Ok, you want stores, I’ll bite … I’m probably the most prime example of what Joe was saying about not going to a test until you’re ready.  Our first test really ain’t my story since RB was the one running the dog that day.  The only thing we know about a test is that we went and watched one once and it was just about the coolest thing we’d ever seen.  We’ve got a 6-8 month old conformation bred golden.   We don’t have anyone to train with, have zero experience but we’ve been chunking bumpers in the front yard and we’ve read the rules so we figure what the heck!  We were at a Coastal test in Reidsville.  This puppy is heck on a bumper but ain’t ever seen a real duck before.  Knowing what I know now it was a breeze of a test.  The field we were in was pretty heavy cover for a started dog so they’d mowed a couple strips in it and all the dog had to do was run down a clean cut path right to the duck, pick it up and come back.  RB took Tucker to the line, he watched the bird go down, sent him and he made a bee-line straight to the bird; it was a thing of beauty.  He sniffed it … looked up as if to say “you don’t seriously expect me to pick this up do you?” and came trotting back up the line big fluffy tail waving in the breeze like the show dog he is.  I don’t remember who the judges were, but they were really nice and said we’d paid our money and were welcome to come back and give water a try that afternoon.  

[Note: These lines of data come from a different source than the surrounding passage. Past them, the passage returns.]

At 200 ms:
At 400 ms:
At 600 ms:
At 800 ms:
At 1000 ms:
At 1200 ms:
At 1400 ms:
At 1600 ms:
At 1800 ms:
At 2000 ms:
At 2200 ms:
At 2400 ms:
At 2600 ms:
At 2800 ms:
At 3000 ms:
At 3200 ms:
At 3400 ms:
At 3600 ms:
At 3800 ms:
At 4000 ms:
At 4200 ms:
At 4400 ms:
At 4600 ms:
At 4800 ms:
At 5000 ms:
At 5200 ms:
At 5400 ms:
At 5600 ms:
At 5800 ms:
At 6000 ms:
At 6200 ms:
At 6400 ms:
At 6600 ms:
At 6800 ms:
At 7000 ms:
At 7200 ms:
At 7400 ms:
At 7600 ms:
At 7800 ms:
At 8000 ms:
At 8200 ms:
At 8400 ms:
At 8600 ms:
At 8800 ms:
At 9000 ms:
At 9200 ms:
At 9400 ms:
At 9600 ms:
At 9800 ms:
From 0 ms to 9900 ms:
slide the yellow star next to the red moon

We’ve got nothing else to do so we hang around for water.  Tucker LOVES water … but the only place we’d ever trained was in my parents’ pond with nice clean steep banks.  That morning they’d spotted a gator in the pond they intended to use so there was a last minute change of plans and we ended up in a flat, muddy bottomed, algae covered watering hole in the middle of a cow pasture.  Mitch takes Tucker to the line, they throw the first bird, and he sends him …… nothing.   He sends him again … Tucker wades out about dew claw deep just far enough for the mud to squish between his toes turns around and looks Mitch directly in the eyes like “Really dad?”  The judges felt really bad for us and offered to let Mitch try the second bird but he said no thanks and just headed back to the truck.  

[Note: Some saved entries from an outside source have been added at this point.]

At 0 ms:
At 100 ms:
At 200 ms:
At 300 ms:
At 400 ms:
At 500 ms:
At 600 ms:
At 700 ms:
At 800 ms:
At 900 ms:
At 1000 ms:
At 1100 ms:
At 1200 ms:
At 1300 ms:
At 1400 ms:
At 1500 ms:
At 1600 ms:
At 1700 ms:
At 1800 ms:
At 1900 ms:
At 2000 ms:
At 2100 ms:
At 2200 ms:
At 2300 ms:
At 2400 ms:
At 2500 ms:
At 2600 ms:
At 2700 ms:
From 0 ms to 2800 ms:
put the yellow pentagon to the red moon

I understand the reasoning behind not running until you’re working beyond the level you’ll be testing at.  That is great advice and that is certainly the approach I’m taking with the pup I have now.  But not everyone has the advantage of a training group or experienced friends to guide them.  Sometimes you don’t know what you don’t know and it’s like having a baby, if you wait until you’re ready, you never will.  Sometimes the only way to meet the people you need to know is to jump on in the deep end.  We ended up running 4 tests before we ever got a pass and I don’t mind telling you I got a little lump in my throat when we finally picked up that first ribbon.  Along the way, I’ve had some of the most fun and made some of the best friends I’ve ever known.  I also don’t mind telling you, I learned a lot more from the failures than I ever did from the passes.  It's not the approach I'd take now that I know a little more about what I'm doing ... but I wouldn't have missed it for the world!


----------



## brittonl (Aug 12, 2012)

Thanks for sharing Tag, really enjoyed ur post.


----------



## acemedic1 (Aug 12, 2012)

Thats awesome advice thanks guys and  keep it coming...


----------



## PSEARCHER (Aug 12, 2012)

My best advice is join a retriever club and be open to their help,because there are going to be plenty of people in the club willing to help you! Have fun and get ready to get addicted !

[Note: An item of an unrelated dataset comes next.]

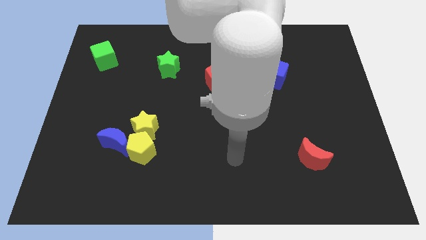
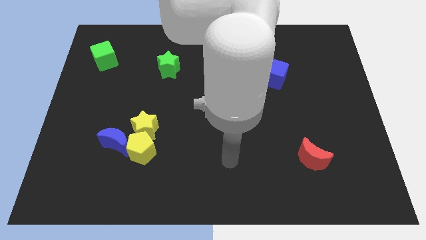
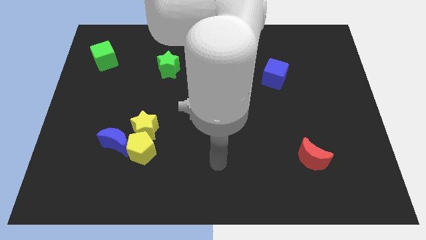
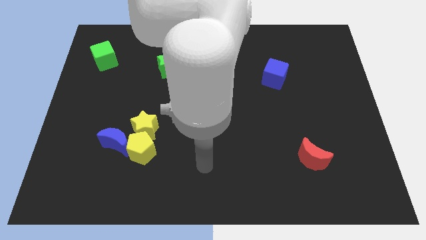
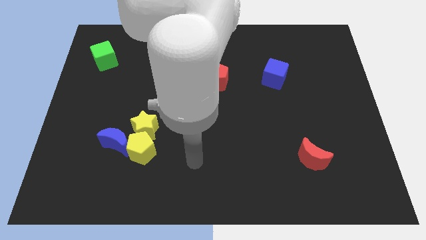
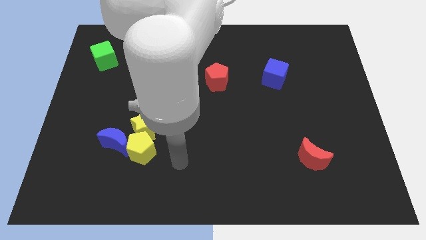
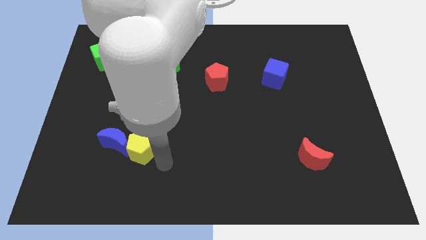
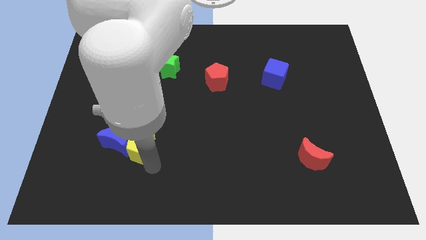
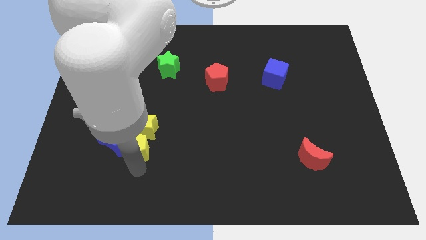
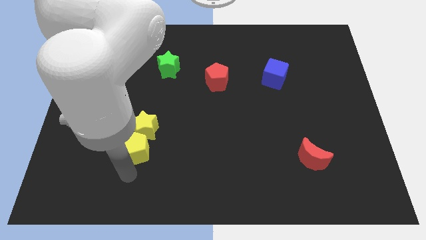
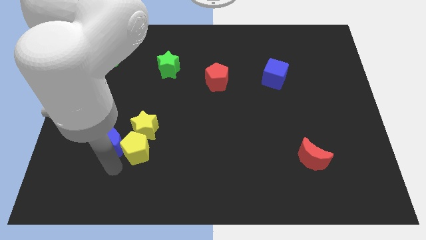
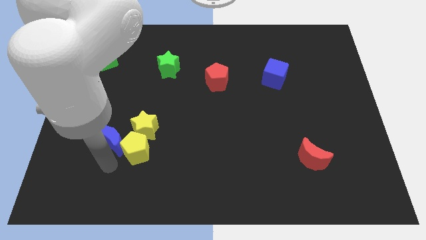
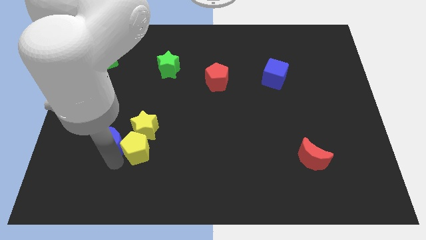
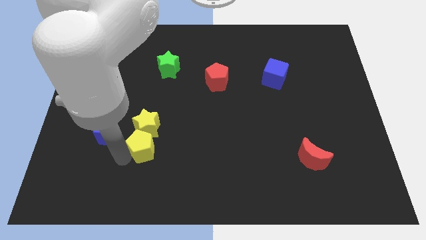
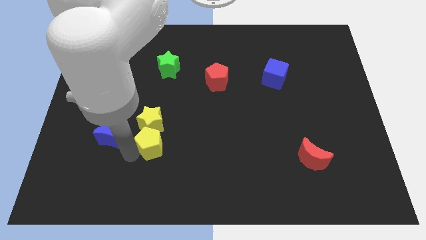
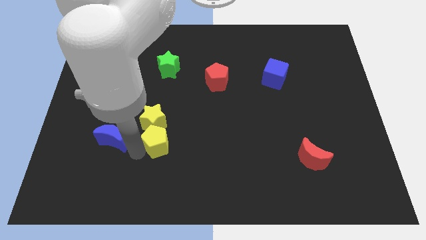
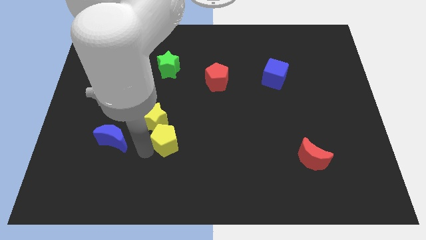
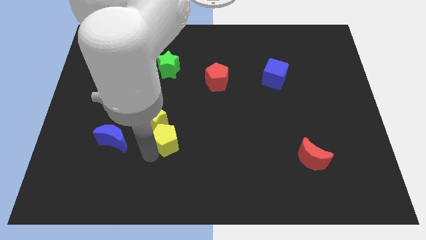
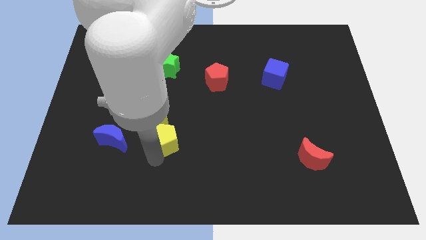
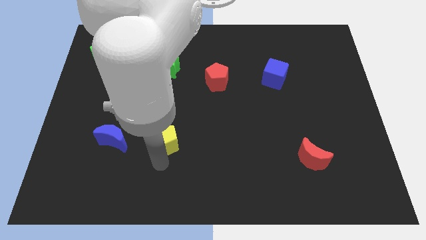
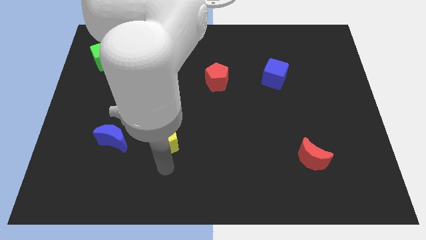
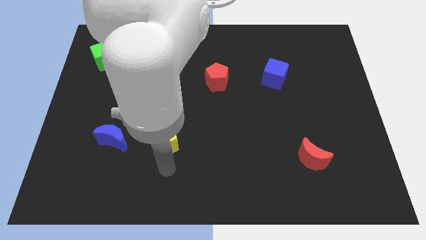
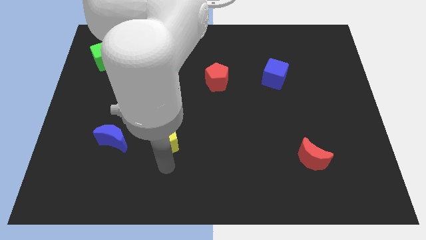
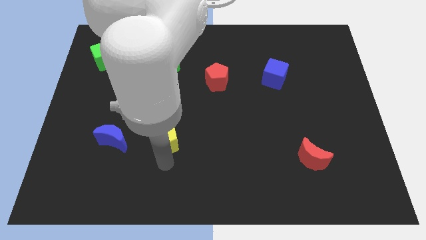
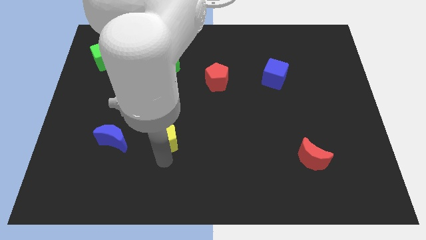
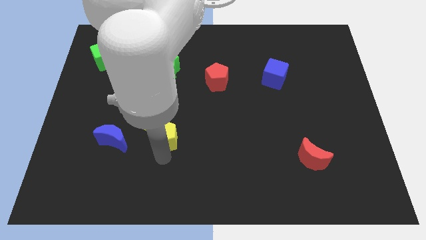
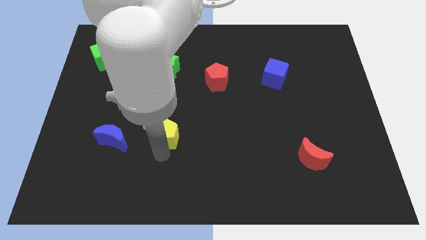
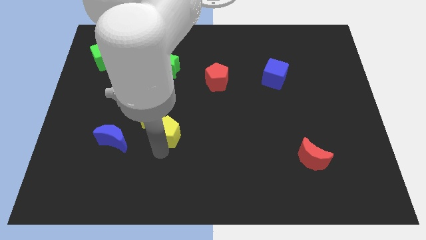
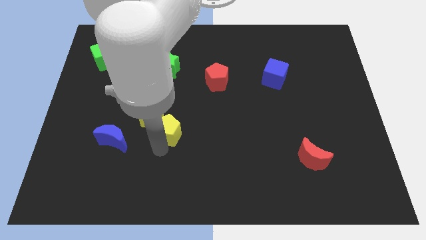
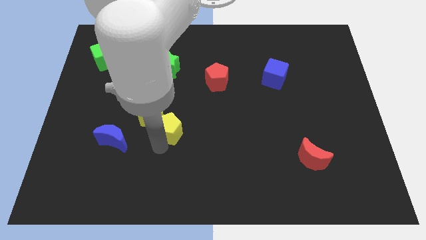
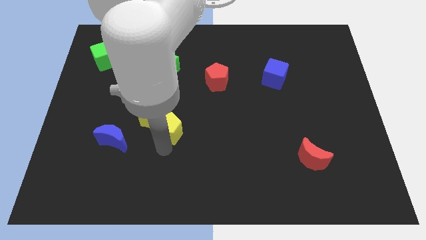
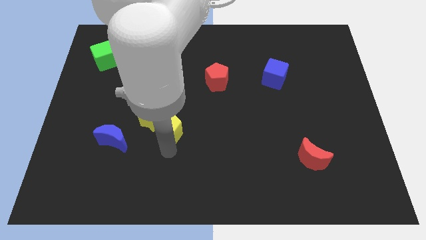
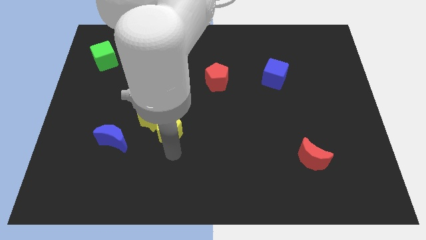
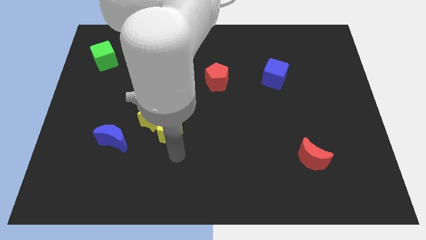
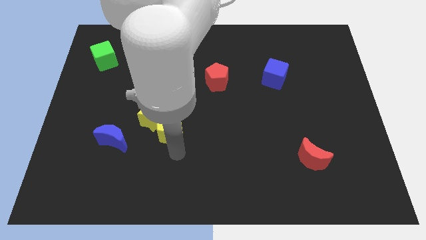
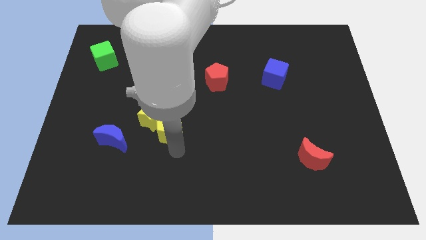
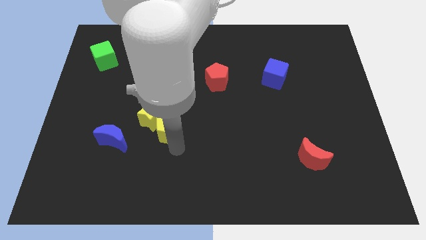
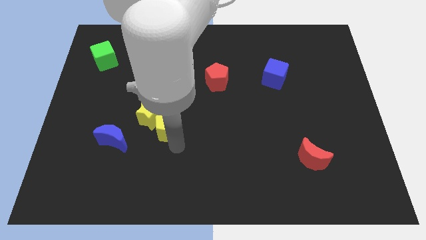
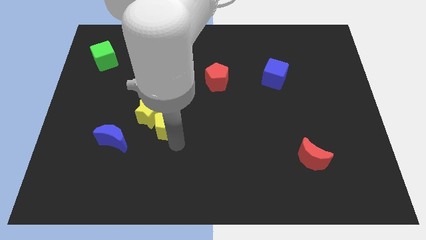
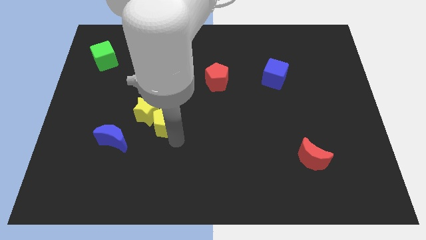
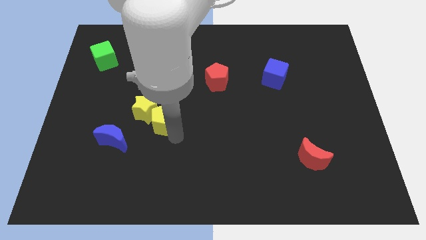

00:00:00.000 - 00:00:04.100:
slightly push the yellow pentagon up

There's a video of what you have to do when ya'll title!! http://static.photobucket.com/playe...ums/ae159/jeffrey1965/VID_20120422_141416.mp4


----------



## 12mcrebel (Aug 12, 2012)

winger marks as much as possible, im fortunate enough to have some guys close by with them.. good luck!


----------



## Salt H2O Scout (Aug 12, 2012)

*Ht*

Join a HRC near you.  Always remember that when you are at a hunt test your dog's name is "NO."


----------



## Turkey Trax (Aug 12, 2012)

Salt H2O Scout said:


> Always remember that when you are at a hunt test your dog's name is "NO."



 at least my dogs think thats their name


----------



## acemedic1 (Aug 14, 2012)

hey thanks for all of the advice and stories, I will be sending in my hrc stuff this week.  I started cc to heel and sit yesterday and really saw the light bulb turn on with scotch.  I am real excited about getting involved with sowega hrc...


----------



## PSEARCHER (Aug 14, 2012)

Good luck and have fun!!!


----------